Well, the first thing I would say is that the rumors of the death of the record store are somewhat exaggerated. Certainly, large chain record stores have declined. However, in most cities I visit, I see smaller scale, more specialized, locally owned record stores which still perform the kind of social and cultural work these scenes have always done — building a social community around the circulation and consumption of music. The warehousing of records may well be something that can be dealt with more efficiently by Amazon or other digital dealers; the curatorship of records, especially in relation to local music production, is something which still requires the specific functions of the record store. If we ever lost record stores at that level, there would be a major loss. I think Napster had some of those functions — where I could look at the hotlist of people who were downloading from me, assuming they had similar tastes, and find recommendations that I might not know otherwise. I think that the iTunes store, though, has been like sending one customer at a time into a record store in the middle of the night — that is, we shop in total isolation, unable to scan what the guy next to us is picking out and engaging in a conversation, unable to ask the girl with the piercings behind the counter what’s hot this week, and so forth. The power of the local record store is social and cultural, not just about commerce per se, and that’s something worth fighting to protect.
What do you personally believe the future of music/film/media distribution will look like?
In our forthcoming book, we are arguing that there’s a core tension between distribution, as we have historically understood it, and circulation, as it is emerging in a networked culture. Distribution is a corporately controlled and regulated process where content gets rolled out on a schedule to serve purely commercial interests. Circulation is a hybrid system of spreading content which is increasingly shaped by the collective and often unauthorized decisions of networks of individuals who pass along content to each other. In the short run, these two systems will co-exist, but my hope is that the creative industries will embrace rather than battle the system of circulation, empowering audiences to help filter through available content, call meaningful bits to each others’ attention, and reclaim older works or embrace newer works that they feel are meaningful to particular conversations they are having within their various communities and networks. I am hoping that indie artists in particular will forge strong partnerships with their fan bases, which increase awareness of works that might otherwise fall through the cracks in a more tightly regulated system of distribution.
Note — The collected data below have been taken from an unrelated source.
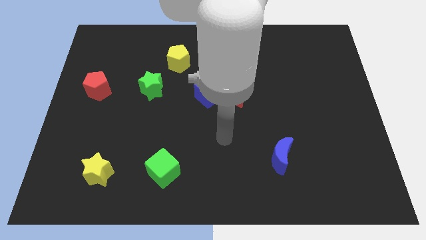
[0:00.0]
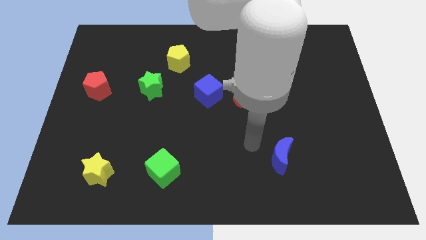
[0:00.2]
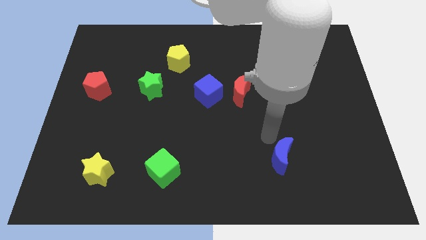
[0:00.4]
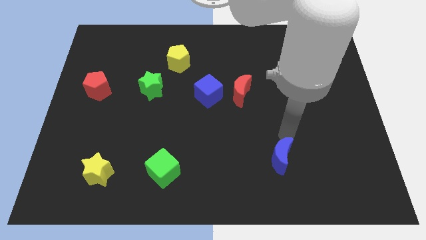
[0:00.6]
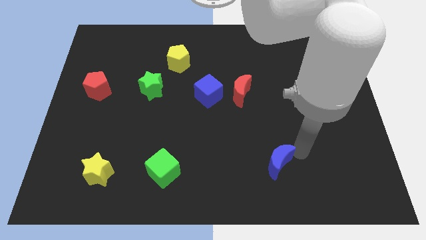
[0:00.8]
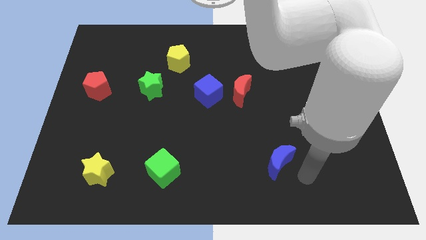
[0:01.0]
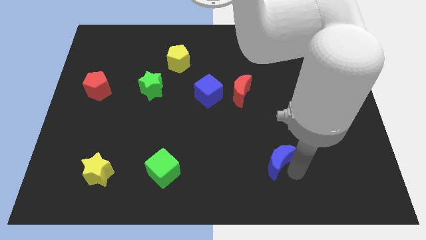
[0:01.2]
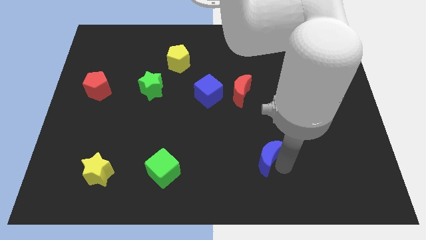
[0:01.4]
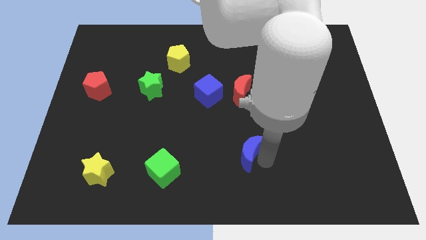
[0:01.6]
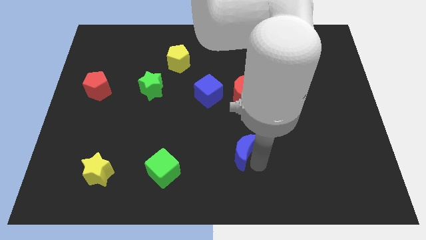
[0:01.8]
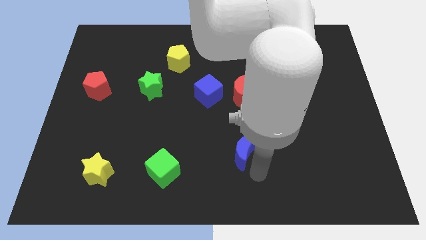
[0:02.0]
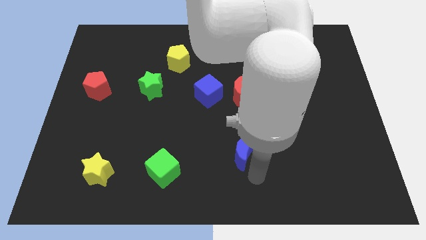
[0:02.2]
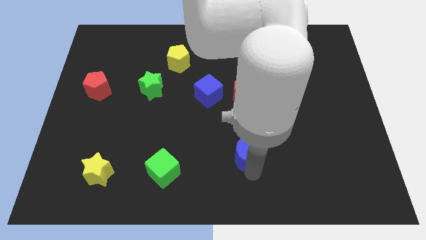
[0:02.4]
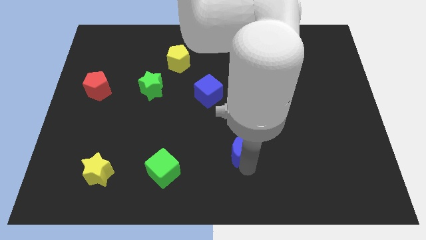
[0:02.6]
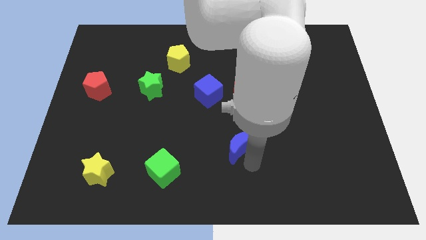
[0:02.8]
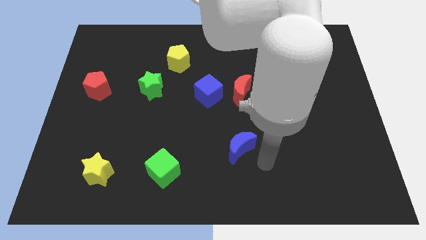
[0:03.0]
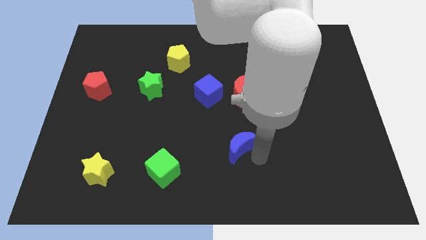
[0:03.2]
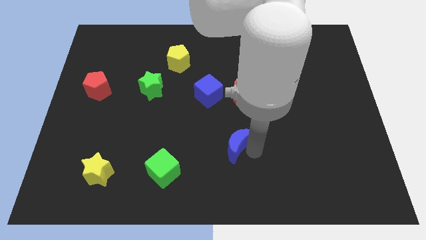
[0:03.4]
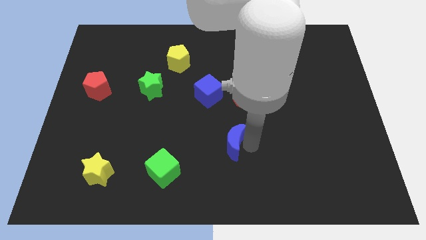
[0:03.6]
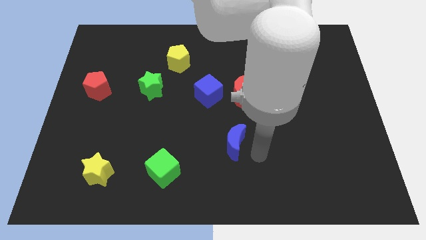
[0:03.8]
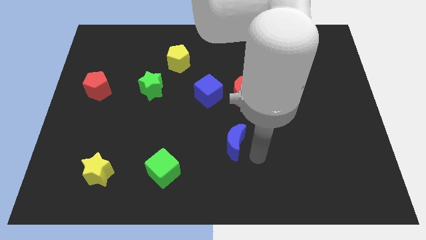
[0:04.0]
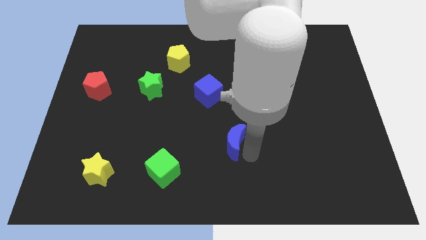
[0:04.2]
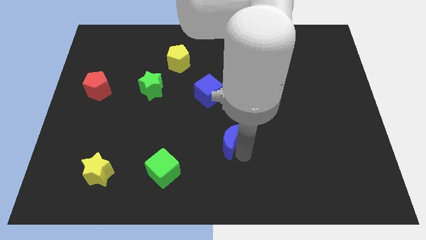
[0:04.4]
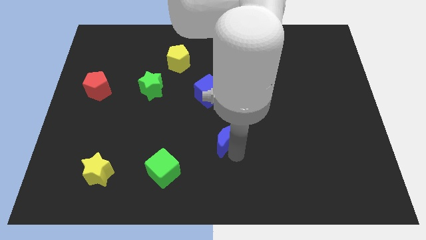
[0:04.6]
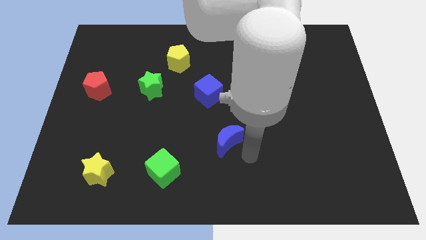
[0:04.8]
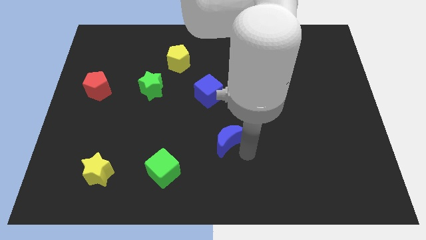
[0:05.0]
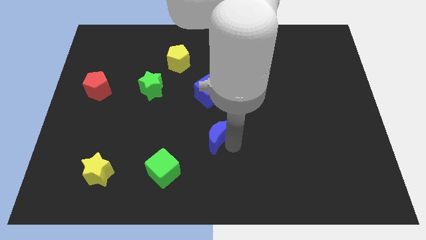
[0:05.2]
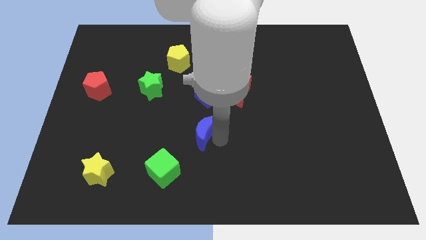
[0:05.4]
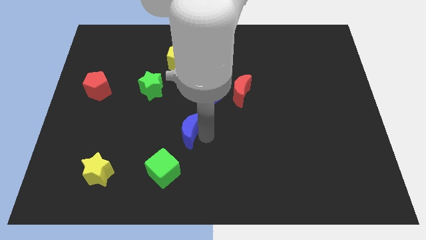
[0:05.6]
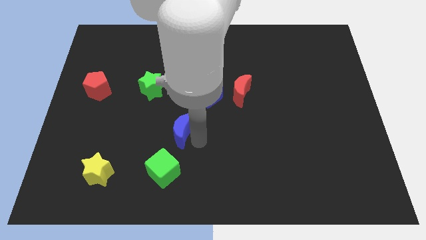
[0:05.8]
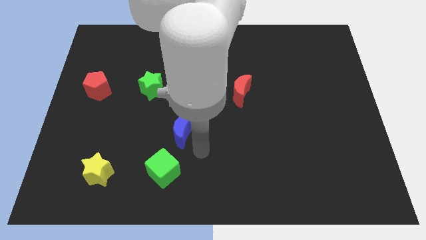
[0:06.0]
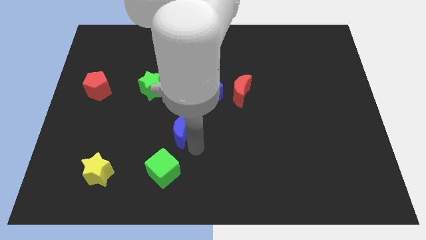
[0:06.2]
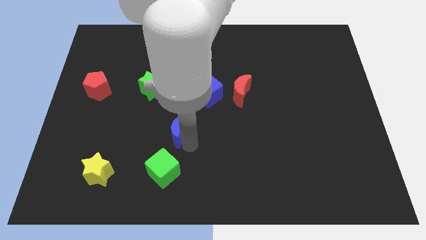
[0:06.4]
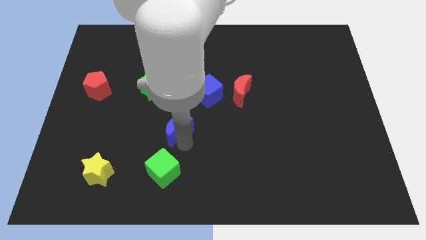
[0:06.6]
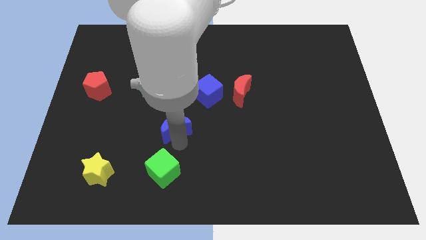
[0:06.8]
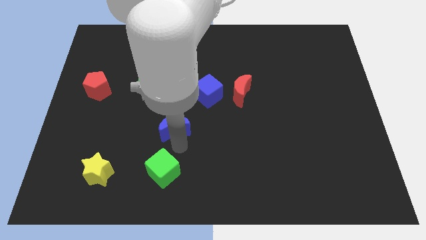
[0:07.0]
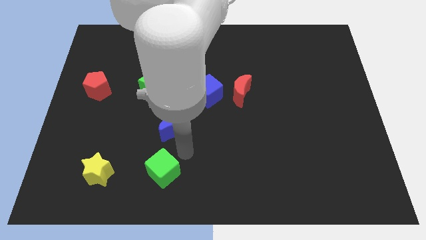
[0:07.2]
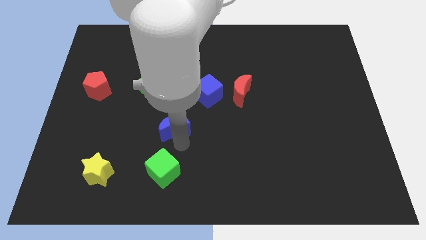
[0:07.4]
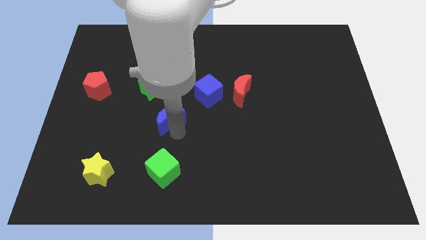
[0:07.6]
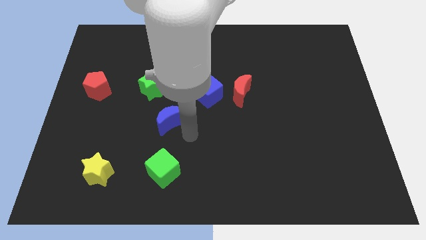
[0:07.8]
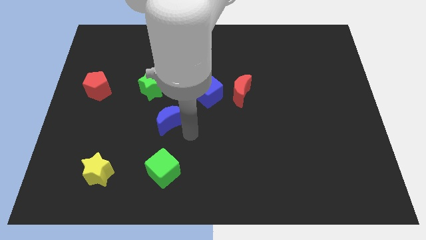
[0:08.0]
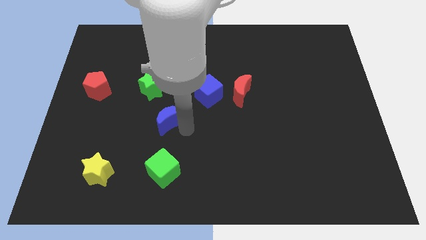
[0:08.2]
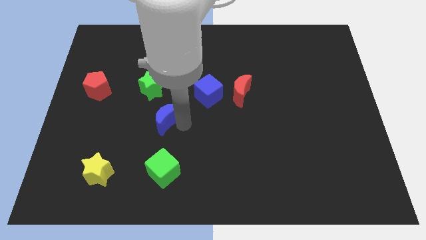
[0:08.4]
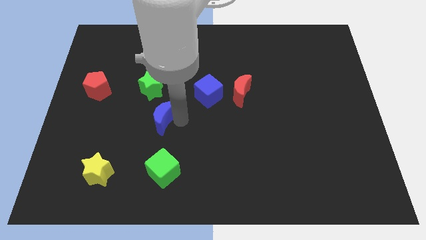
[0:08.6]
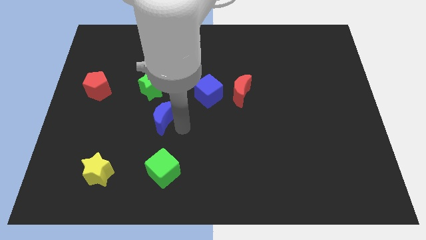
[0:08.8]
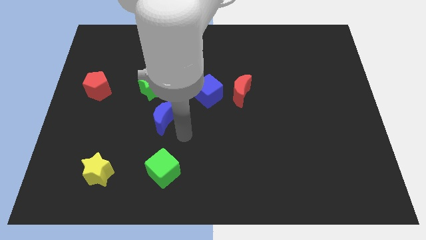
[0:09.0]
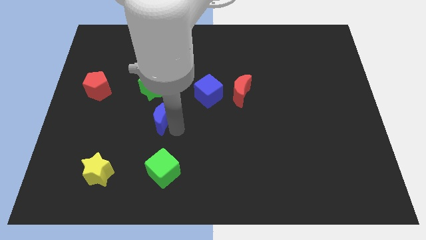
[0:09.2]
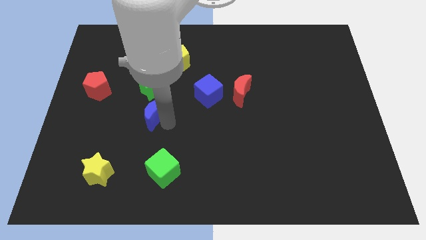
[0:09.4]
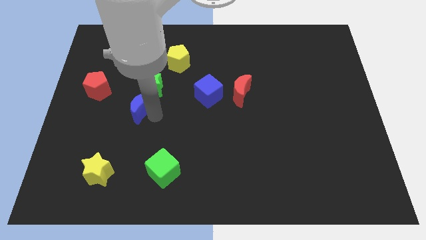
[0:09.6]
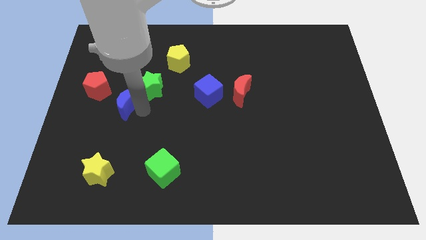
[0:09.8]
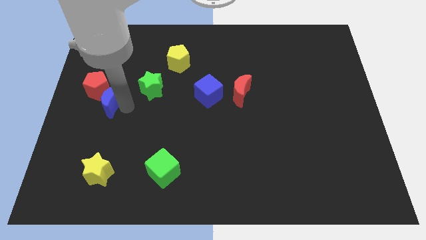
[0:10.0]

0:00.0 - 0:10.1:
put the blue moon next to the red pentagon

Finally, what does the future hold for Henry Jenkins?
In the next year, I have three new books which will be released to the world: Spreadable Media: Creating Value and Meaning in a Networked Culture (co-authored with Sam Ford and Joshua Green), which deals with these issues of circulation and distribution; Reading in a Participatory Culture, which is a case study of how we might integrate new media literacies into the educational system; and the 20th anniversary reissue of my first book, Textual Poachers: Television Fans and Participatory Culture. I am going to be touring Europe this summer, giving talks on these and many other topics, so look for me at a village or city near you.